Databases And Software Validation
In some cases, a manufacturer might use a database or computer system to record information. Two common applications are complaints and service records. Both require the UDI as part of the record.

The UDI includes both the device identifier (DI) and as many as five production identifiers (PIs). A good strategy would expand the database to include all six elements, even if you don’t currently expect to use all of them. If conditions change, you would not need to do an additional expansion and validation.

Because this is a change to the database, 820.70(i) states, “All software changes shall be validated before approval and issuance. These validation activities and results shall be documented.”

Quality Audits
Part of your UDI implementation plan should include quality audits shortly after implementation. After making the changes, conduct an audit of each area to ensure effective implementation. Schedule the audit two or three months after the changes go into effect to give the processes time to absorb them. The audit should include documentation revisions, distribution to points of use, correct records generated by the process operator, and complete training records.

In addition, schedule a set of product audits after the compliance dates, to verify the label and GUDID implementation.

Part 820
This part, the Quality System Regulation, has a number of explicit changes, such as labeling inspection, complaint records, and servicing records.

There are also some implicit requirements, such as new or revised procedures, training records, and software validation.

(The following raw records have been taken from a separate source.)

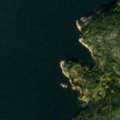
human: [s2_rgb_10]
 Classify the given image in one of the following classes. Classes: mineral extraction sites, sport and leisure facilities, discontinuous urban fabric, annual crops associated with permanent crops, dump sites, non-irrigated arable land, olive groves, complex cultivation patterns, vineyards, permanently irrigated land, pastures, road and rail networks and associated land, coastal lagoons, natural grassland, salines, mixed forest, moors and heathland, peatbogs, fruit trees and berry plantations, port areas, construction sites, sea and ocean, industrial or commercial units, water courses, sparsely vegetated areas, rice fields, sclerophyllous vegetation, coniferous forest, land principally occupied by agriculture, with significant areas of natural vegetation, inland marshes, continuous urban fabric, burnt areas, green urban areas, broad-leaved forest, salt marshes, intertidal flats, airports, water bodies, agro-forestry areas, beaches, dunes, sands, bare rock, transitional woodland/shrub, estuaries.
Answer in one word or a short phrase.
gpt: mixed forest, sea and ocean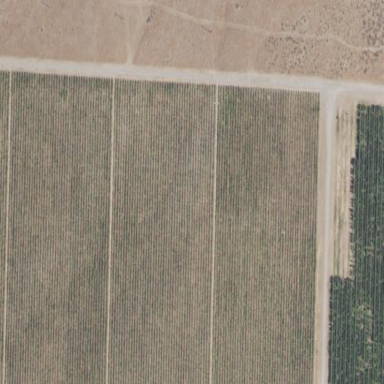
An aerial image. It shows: Vineyard.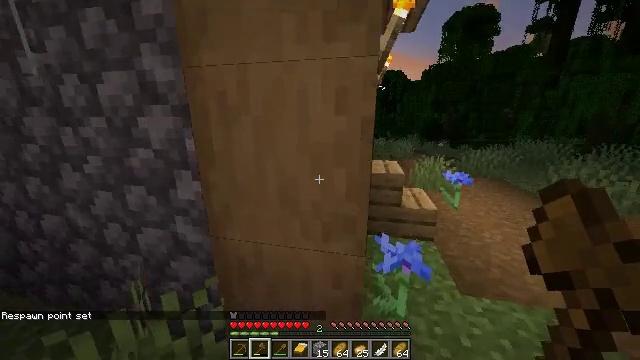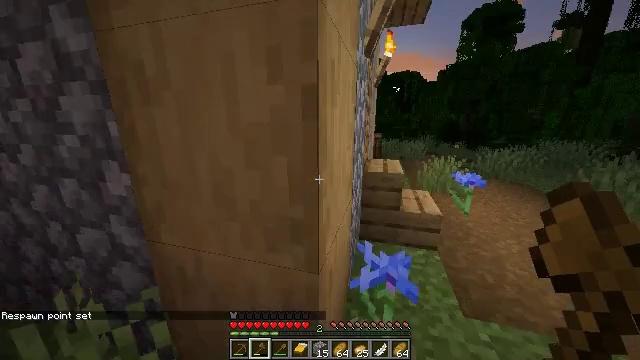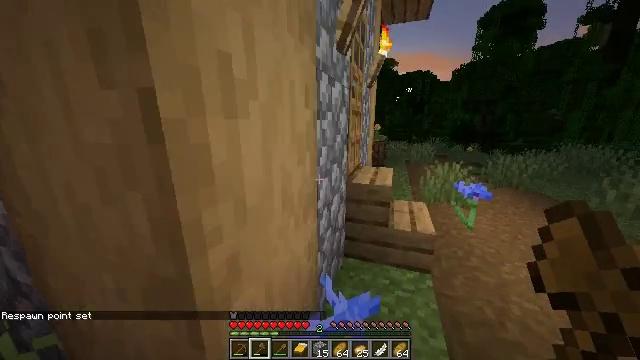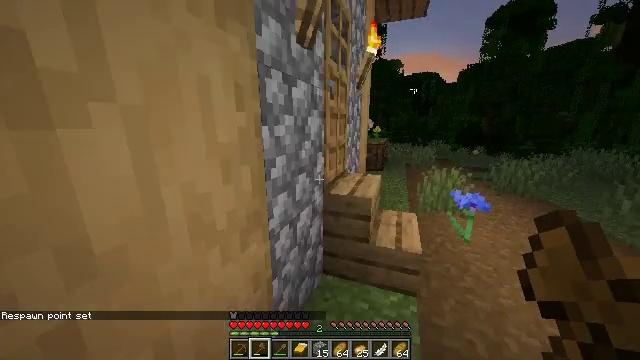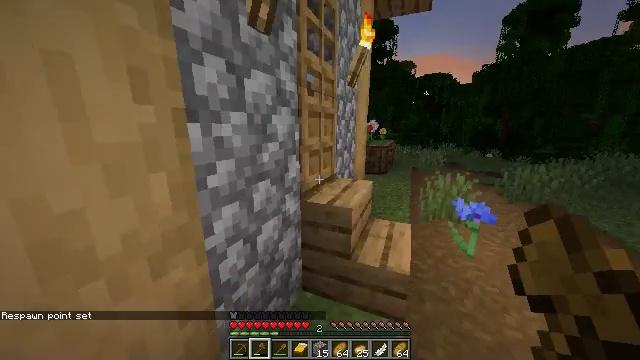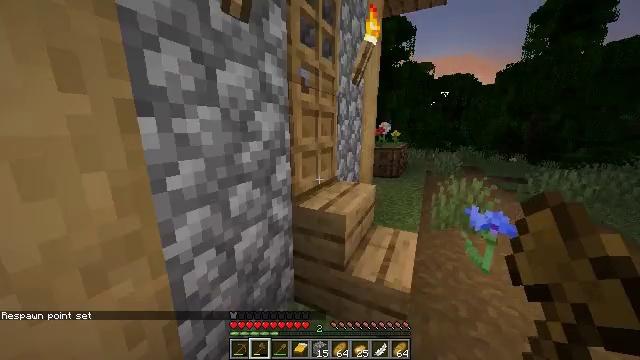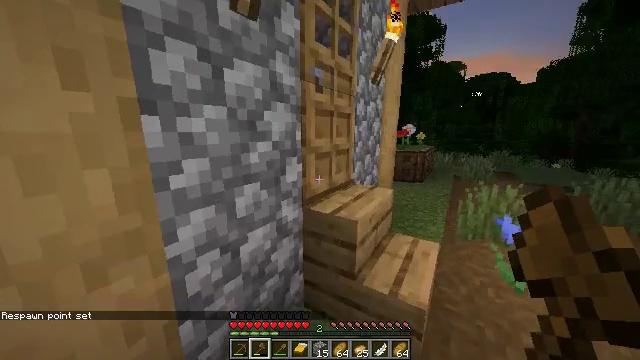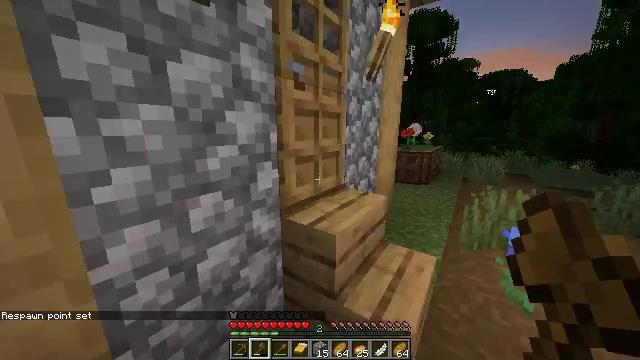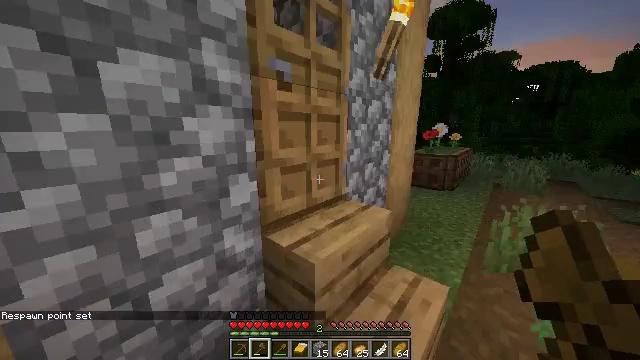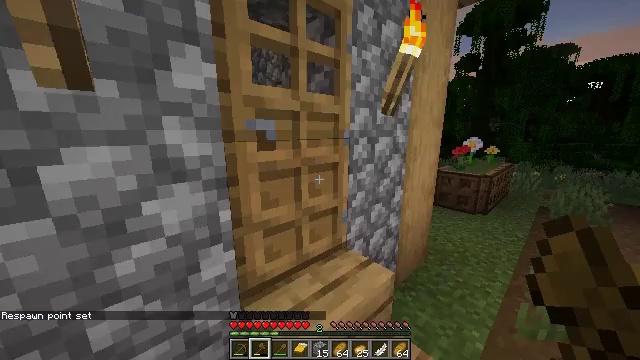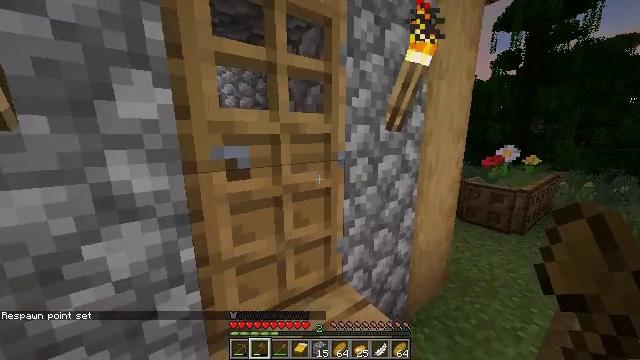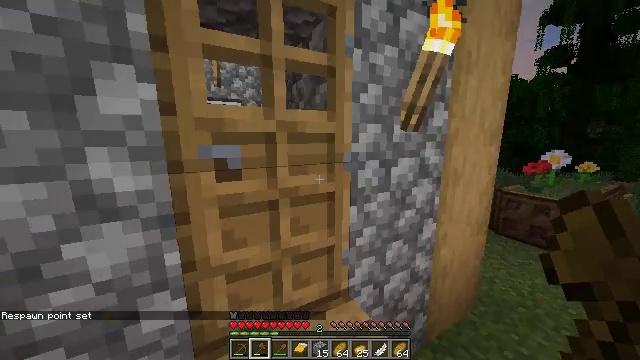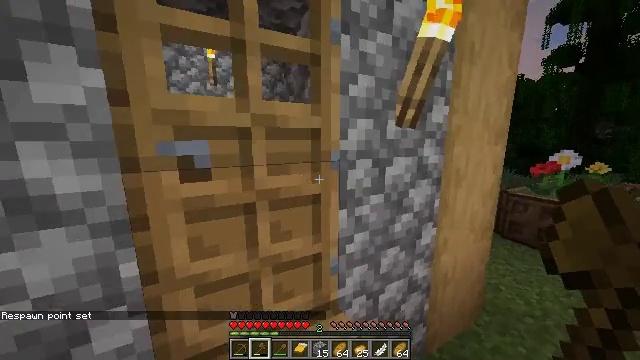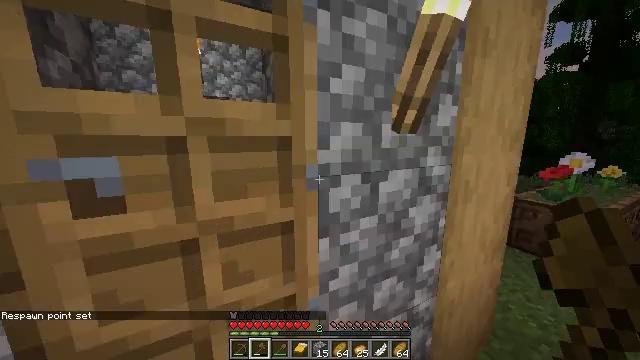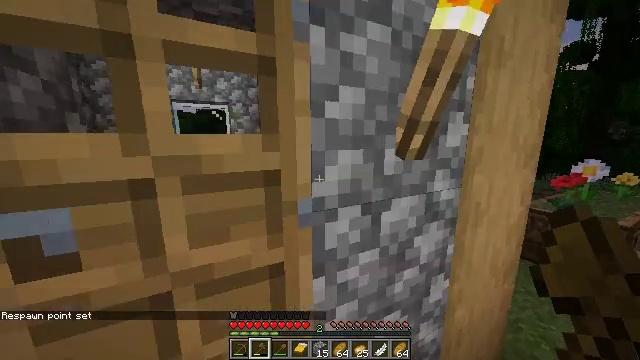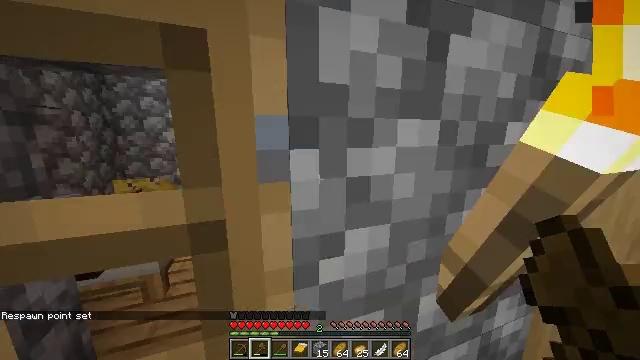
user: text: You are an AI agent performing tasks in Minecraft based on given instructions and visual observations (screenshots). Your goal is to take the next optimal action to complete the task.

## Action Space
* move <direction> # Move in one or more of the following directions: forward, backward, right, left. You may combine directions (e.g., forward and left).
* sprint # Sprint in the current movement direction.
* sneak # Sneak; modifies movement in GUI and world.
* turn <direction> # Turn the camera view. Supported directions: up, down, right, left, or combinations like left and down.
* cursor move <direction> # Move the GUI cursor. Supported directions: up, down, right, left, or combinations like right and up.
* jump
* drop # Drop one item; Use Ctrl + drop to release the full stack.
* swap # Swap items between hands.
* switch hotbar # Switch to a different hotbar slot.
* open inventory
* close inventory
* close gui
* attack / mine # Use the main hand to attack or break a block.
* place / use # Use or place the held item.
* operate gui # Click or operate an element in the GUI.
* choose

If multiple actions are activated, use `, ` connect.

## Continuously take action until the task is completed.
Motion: motion action
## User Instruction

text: Break the oak stairs.
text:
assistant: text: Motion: move forward and move right, sprint, turn left
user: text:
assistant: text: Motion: move forward and move right, sprint, turn left
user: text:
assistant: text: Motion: move forward and move right, sprint, turn left
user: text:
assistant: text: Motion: move forward and move right, sprint, turn left
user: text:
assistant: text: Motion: move forward and move right, sprint, turn left
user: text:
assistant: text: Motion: move forward and move right, sprint, turn left
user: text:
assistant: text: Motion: move forward and move right, sprint, turn left
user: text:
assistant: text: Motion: move forward and move right, sprint, turn left
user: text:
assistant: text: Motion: move forward and move right, sprint, turn left
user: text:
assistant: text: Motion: move forward and move right, sprint, turn left
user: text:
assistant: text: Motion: move forward and move right, sprint, turn left and up
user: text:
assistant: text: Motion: move forward, sprint
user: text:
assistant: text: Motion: move forward, sprint, use / place
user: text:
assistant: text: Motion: move forward, sprint, use / place
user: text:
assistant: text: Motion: move forward, sprint, turn left and down, use / place
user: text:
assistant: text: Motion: move forward, sprint, turn left and down, use / place
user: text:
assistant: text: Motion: move forward, sprint, turn left
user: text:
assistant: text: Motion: move forward, sprint, turn left
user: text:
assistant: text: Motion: move forward, sprint
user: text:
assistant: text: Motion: move forward, sprint, turn left and down, use / place
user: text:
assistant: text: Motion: move forward, sprint, turn left and down, use / place
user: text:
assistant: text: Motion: sprint, use / place
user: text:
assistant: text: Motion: sprint, turn right, use / place
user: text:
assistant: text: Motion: turn right and down
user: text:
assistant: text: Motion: turn right
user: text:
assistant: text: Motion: no_op
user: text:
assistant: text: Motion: move right, turn right
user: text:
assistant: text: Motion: move right
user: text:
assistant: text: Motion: move forward and move right
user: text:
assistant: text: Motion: move forward, turn left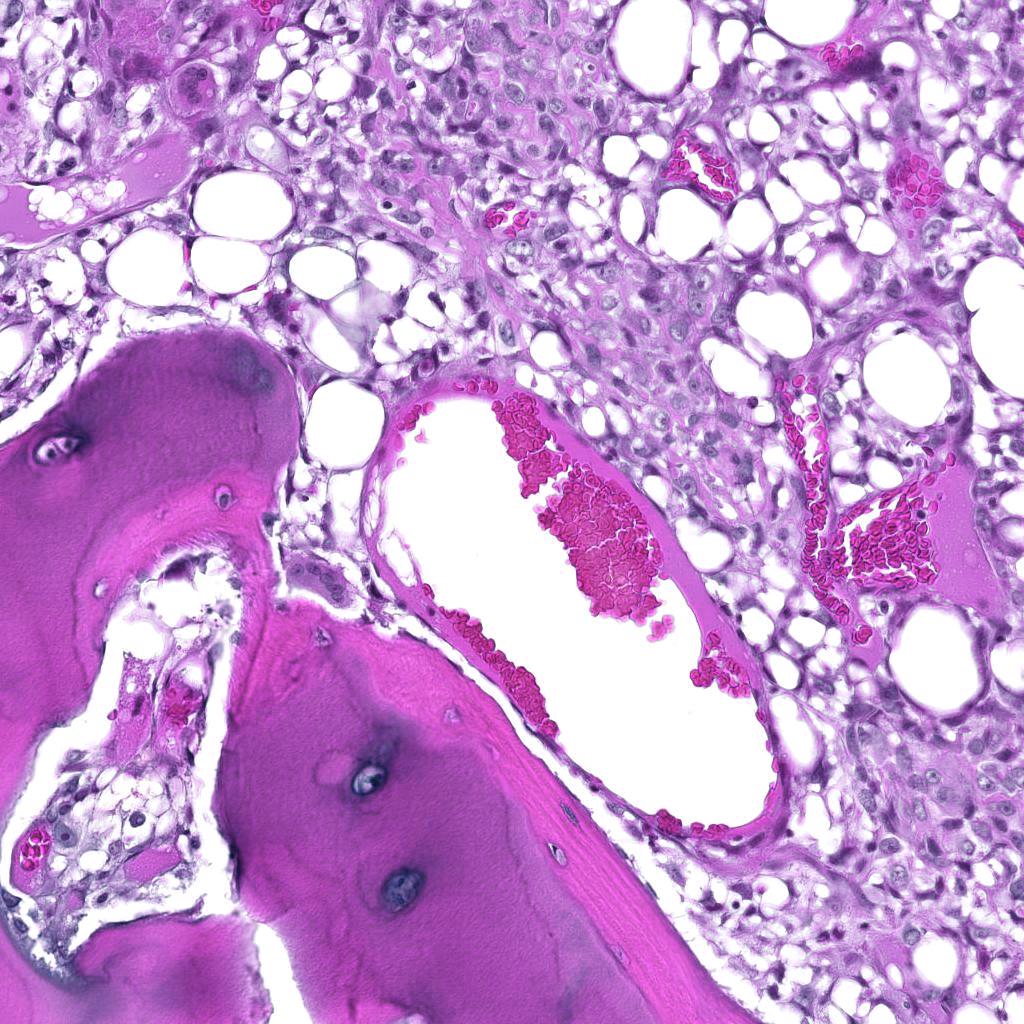
Label: Viable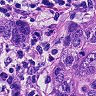
Metastatic tissue present: yes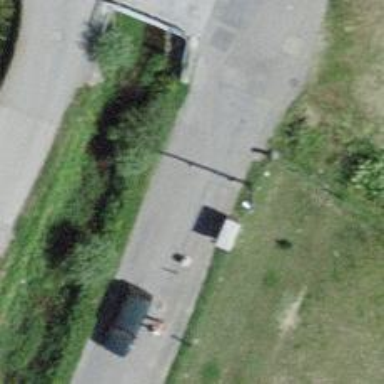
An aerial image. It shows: Lift gate barrier.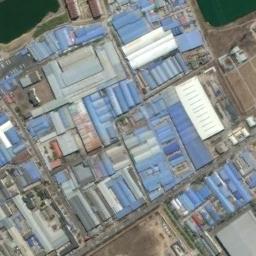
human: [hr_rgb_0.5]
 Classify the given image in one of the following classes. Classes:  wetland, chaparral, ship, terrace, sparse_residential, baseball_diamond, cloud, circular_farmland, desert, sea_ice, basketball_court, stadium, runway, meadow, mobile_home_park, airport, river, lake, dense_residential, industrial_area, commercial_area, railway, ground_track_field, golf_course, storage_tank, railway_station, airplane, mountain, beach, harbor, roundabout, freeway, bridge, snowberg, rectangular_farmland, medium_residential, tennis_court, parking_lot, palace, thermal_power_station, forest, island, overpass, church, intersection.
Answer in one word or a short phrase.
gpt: industrial_area
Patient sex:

One major implicit requirement is design changes under 820.30(i). The DI represents the version or model of the device. If a change modifies the device outside established limits, then the manufacturer assigns a new DI and creates a new DI record in GUDID. Design change procedures should include a checklist to determine if the change creates a new version or model, and it should leave a record of the decision-making process.

Part 803
MDRs require a UDI on the Form 3500A. This means the manufacturer must update the procedures and train the people involved in the process.

Part 806
Reports of a correction or removal require a UDI. Some corrections or removals are not reportable, but the record of why it is not reportable includes the UDI.

Other Parts
As shown in Table 1, UDI affects many parts of the device regulations. Determine which parts affect your quality system, download the updated regulations, and search for the term “UDI”. This will help you identify the explicit changes. Identify your procedures and sections that the UDI rule could affect. Be sure to consider any implicit changes based on your methods and processes.